Known issues and TODO

• The real-time camera pose estimation gets progressively slower as more frames are added due to the increased amount of landmarks
  • implement a more efficient landmark search algorithm
• Add support for the realsense API and real-time capture and reconstruction
• SIFT is not particularly fast
  • experiment with SURF and/or ORB
• The texture projection stage runs out of system RAM
  • load and save the projected textures individually instead of acting on the entire sequence at once
• Xatlas produces poor UVs
  • if we cannot get Xatlas to keep connected triangles connected in the UV -map as well, the plan is to phase out Xatlas at some point in favor of some other solution
• Also planned in the next release is a better texture projection algorithm based on inverse-matrices.

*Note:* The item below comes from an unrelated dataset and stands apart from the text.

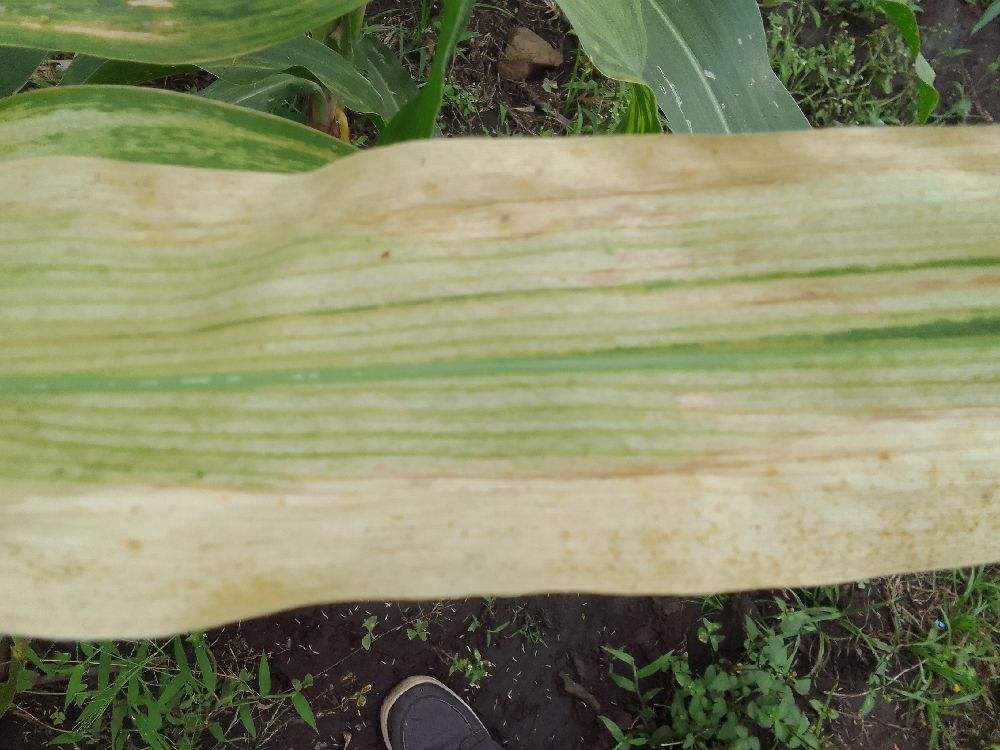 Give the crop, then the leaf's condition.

maize, maize lethal necrosis
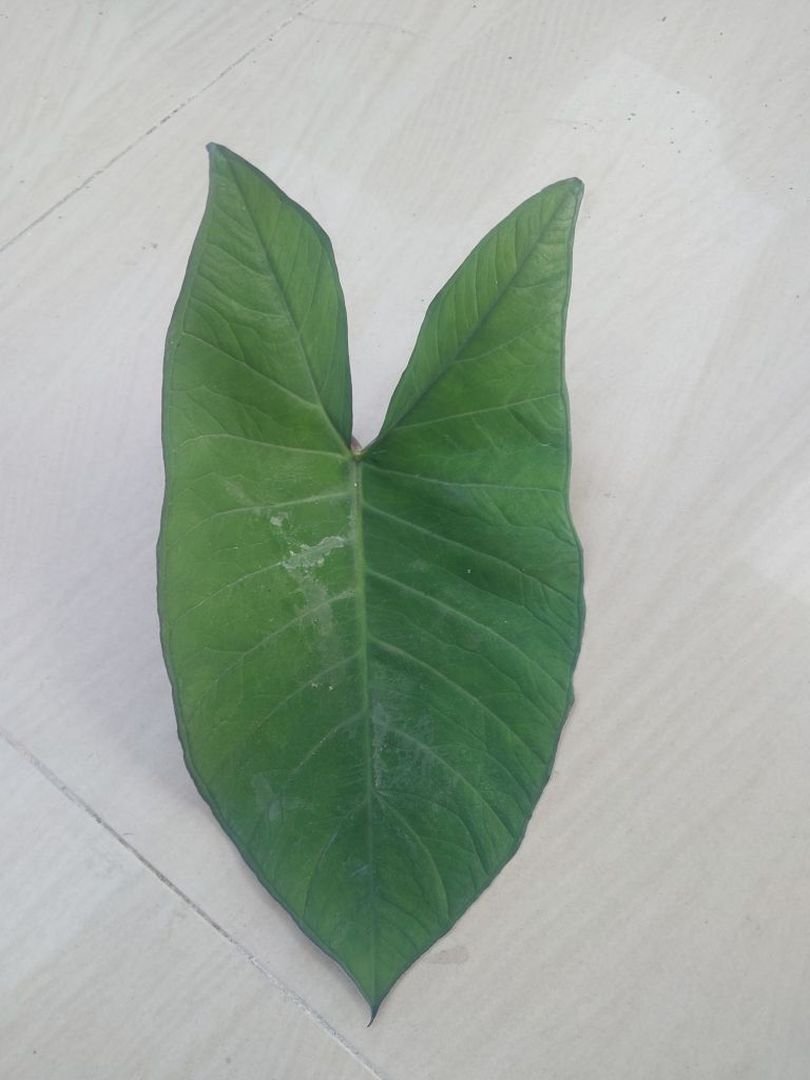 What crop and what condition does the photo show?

This should not only be faster, but more scalable for very large and high-poly meshes as well. Additionally, this would reduce the issue of UV bleeding.
• Implement a way of smoothing noisy depth maps, decrease the effect of "edge bleed" on sharp depth transitions. Could view synthesis be used for this?

Paper

If you are using Open3DGen in your research, please refer to the following paper:
T. T. Niemirepo, M. Viitanen, and J. Vanne, “Open3DGen: Open-Source software for reconstructing textured 3D models from RGB-D images,” Accepted to ACM Multimedia Syst. Conf., Istanbul, Turkey, Sept.-Oct. 2021.